Il "Misericordioso" signor Bergoglio, oggi non trova di meglio che imporre il green pass a tutti i dipendenti del Vaticano e fa licenziare in tronco alcune Guardie Svizzere che rifiutano di farsi inoculare il siero genico!

Così, finalmente, i veli di questa insopportabile ipocrisia buonista e progressista stanno iniziando a cadere, uno dopo l’altro; e dietro gli squarci che si aprono anche l’osservatore più ingenuo e distratto ha la possibilità di farsi un’idea più realistica e veritiera di cosa si nascondeva dietro tante belle parole e tanti bei gesti.

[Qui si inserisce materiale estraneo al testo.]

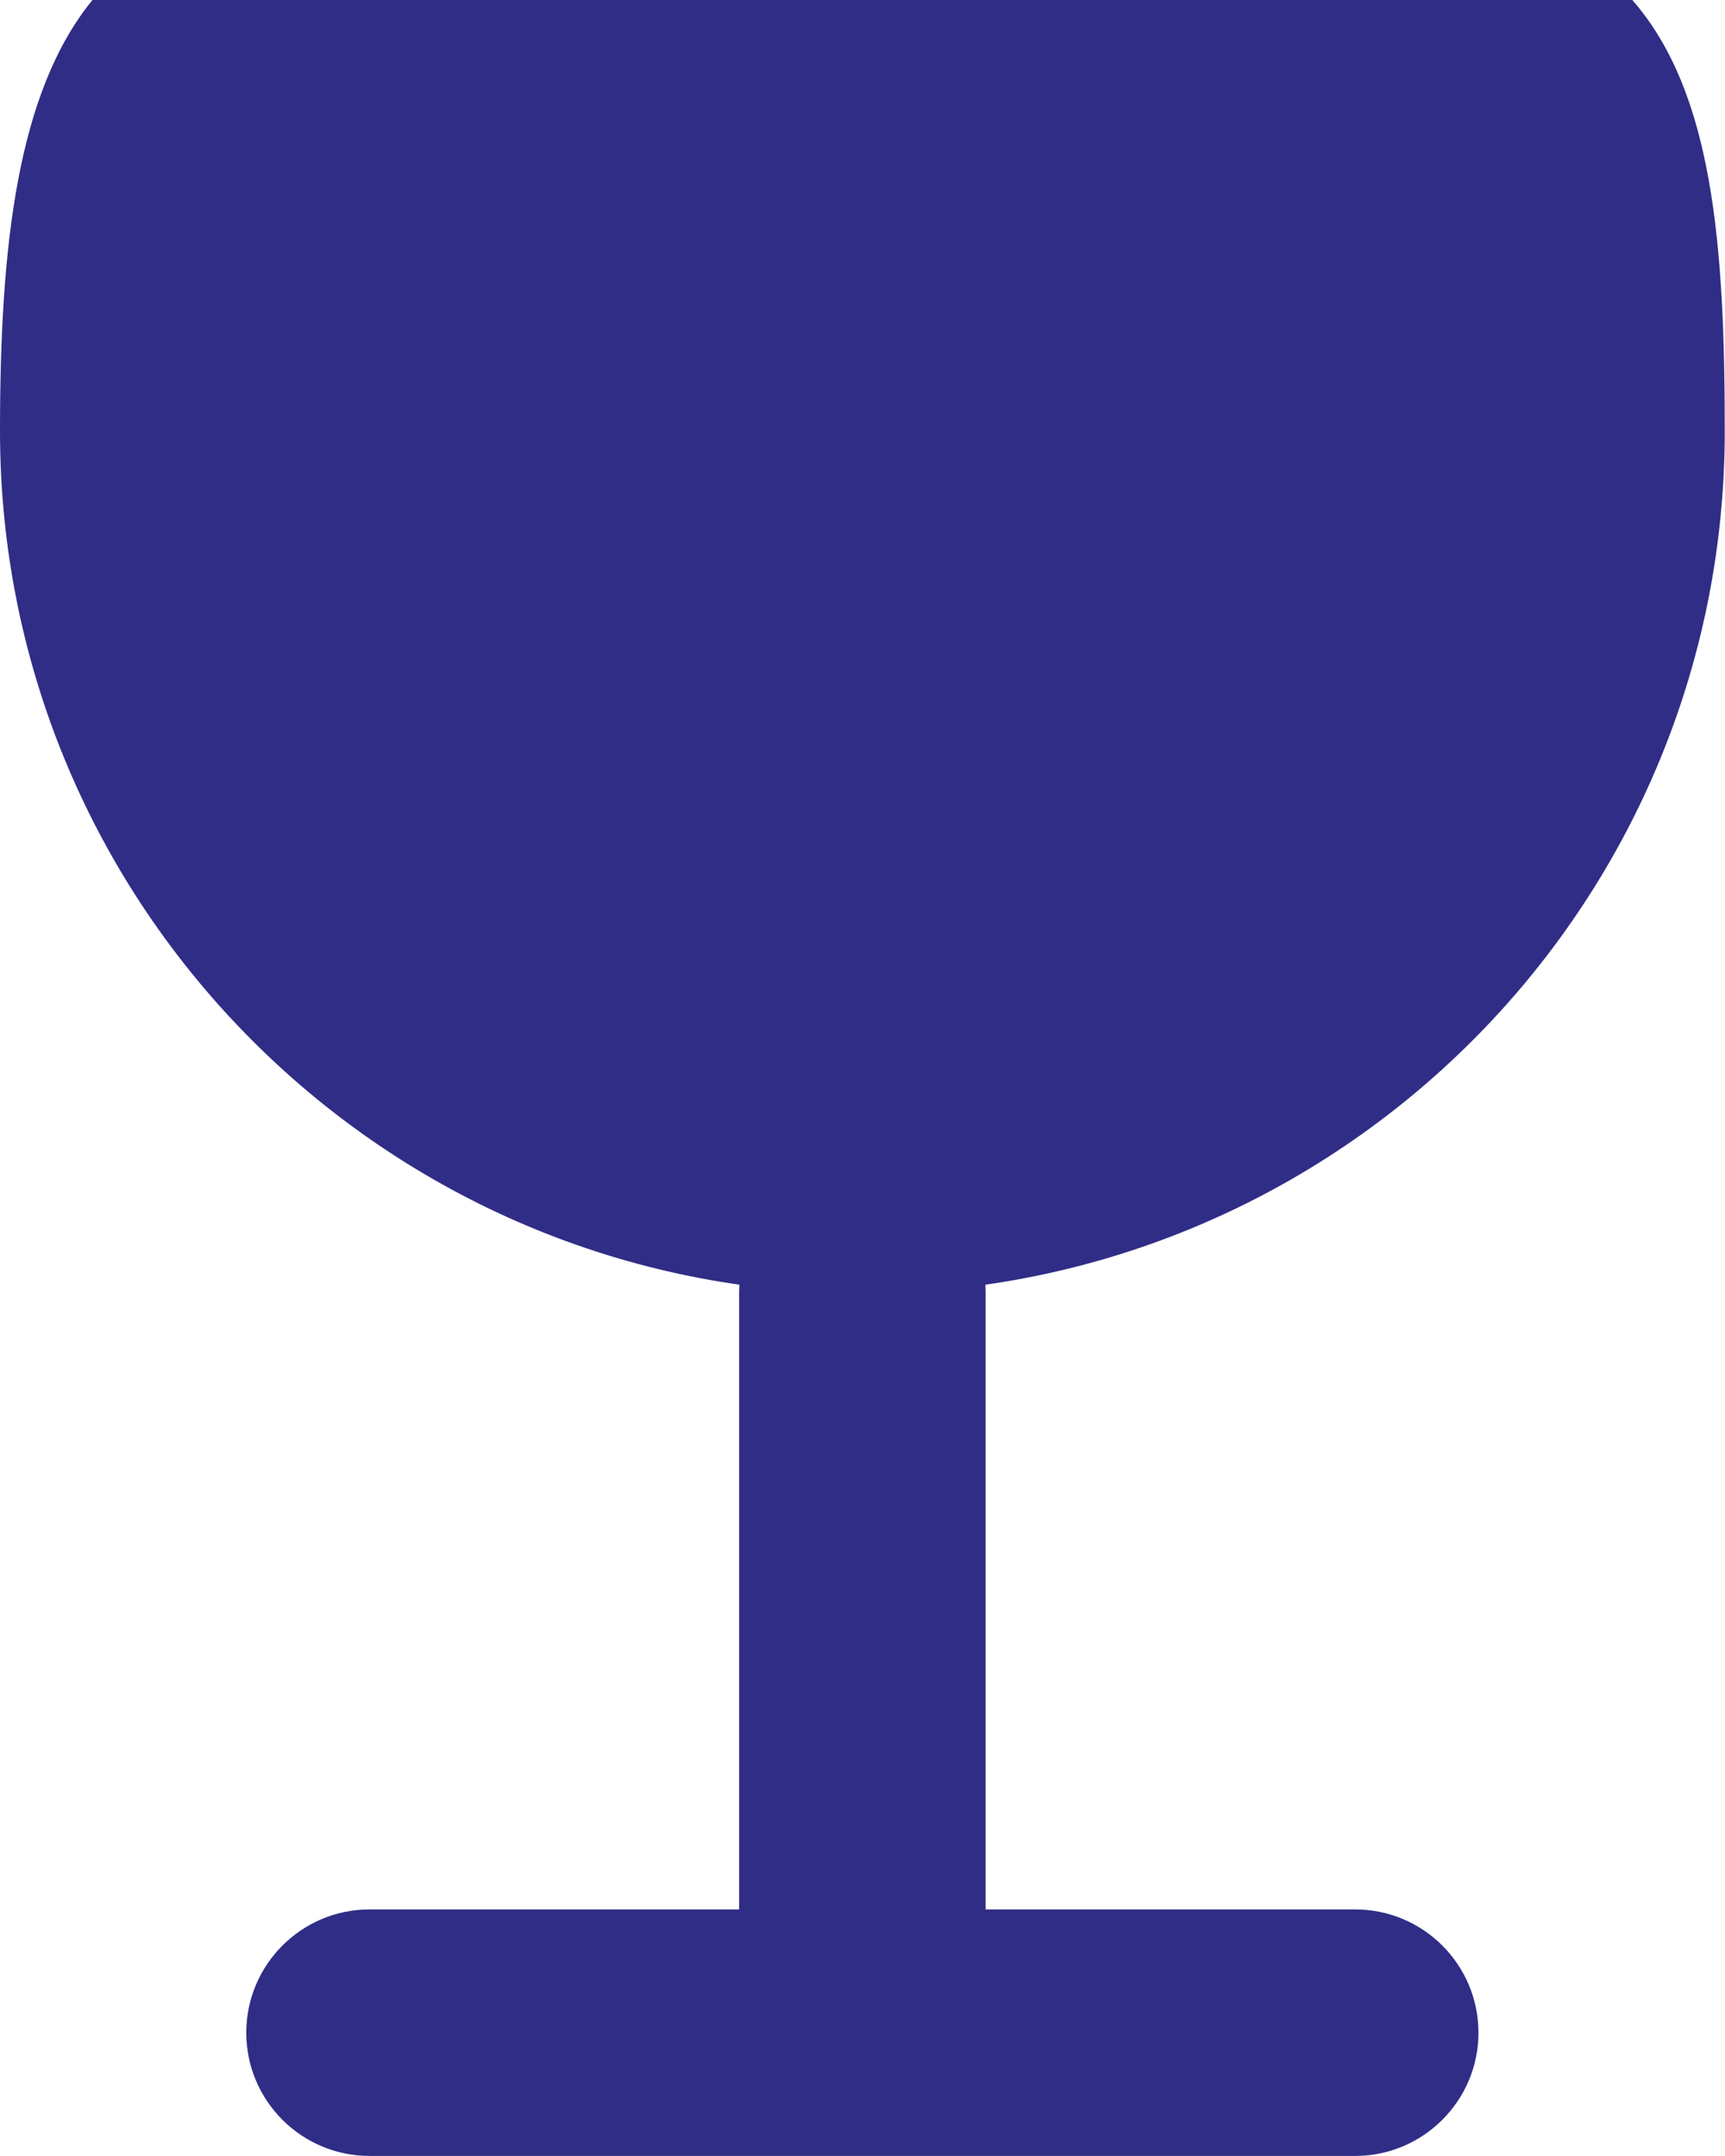 <?xml version="1.0" encoding="UTF-8"?> <svg xmlns="http://www.w3.org/2000/svg" id="Layer_1" data-name="Layer 1" version="1.1" viewBox="0 0 6.773 8.466"><defs><style> .cls-1 { fill: #302d87; stroke-width: 0px; } </style></defs><path class="cls-1" d="M5.321,8.466H1.451c-.267,0-.484-.217-.484-.484s.217-.484.484-.484h1.451v-2.419c0-.267.217-.484.484-.484s.484.217.484.484v2.419h1.451c.267,0,.484.217.484.484s-.217.484-.484.484Z"></path><path class="cls-1" d="M.363,0c-.296.363-.363.968-.363,1.693,0,1.87,1.516,3.386,3.386,3.386s3.386-1.516,3.386-3.386c0-.726-.045-1.33-.363-1.693"></path></svg>

Il signor Bergoglio, per esempio, che iniziò il suo pontificato con una crociera-commedia sulle acque dell’ultimo naufragio dei migranti, gettando in mare una corona di fiori e pronunciando più volte le parole: Vergogna, vergogna! (ma chi è che si doveva vergognare? Non lo si è mai capito, non l’ha mai specificato; l’importante è far sentire in colpa un po’ tutti quanti, specie i perplessi davanti alla continua invasione dei clandestini), adesso non trova di meglio che imporre il green pass a tutti i dipendenti del Vaticano e fa licenziare in tronco alcune Guardie Svizzere che rifiutano di farsi inoculare il siero genico. E, a proposito, uno che ha regalato ai senzatetto di Roma alcune migliaia di dosi del preteso vaccino, ma che ha fatto sloggiare i barboni che dormivano sotto il colonnato di Piazza San Pietro. Sulla discriminazione che il green pass introduce fra cittadini virtuosi e cittadini reprobi, neanche una parola; anzi, si associa in tutto e per tutto al decreto di Mario Draghi; sui lavoratori di Trieste aggrediti con idranti e lacrimogeni mentre recitavano il Rosario, neanche una parola; sulla violenza di un sistema che lascia liberi quattro energumeni di devastare la sede della CGIL e poi si accanisce contro uomini inermi, donne, bambini che non costituivamo un pericolo per alcuno, neanche una parola. Questo è il misericordioso Bergoglio; questo è l’uomo che da otto anni e mezzo ha sempre la misericordia sulla bocca, e naturalmente l’accoglienza e l’inclusione. Un vile commediante, un cinico servo delle oligarchie finanziarie: che nulla ha di spirituale, nulla di religioso; un sepolcro imbiancato che non crede né a Dio né al diavolo (ma non è detto che il diavolo non conti sui di lui); un fariseo ipocrita. Ma che altro attendersi da uno che ha accettato il patronato morale del Gruppo dei Capitalisti Inclusivi di Lynn Forester de Rotschild, cioè proprio dei registi di quest’operazione massonica e satanica mondiale?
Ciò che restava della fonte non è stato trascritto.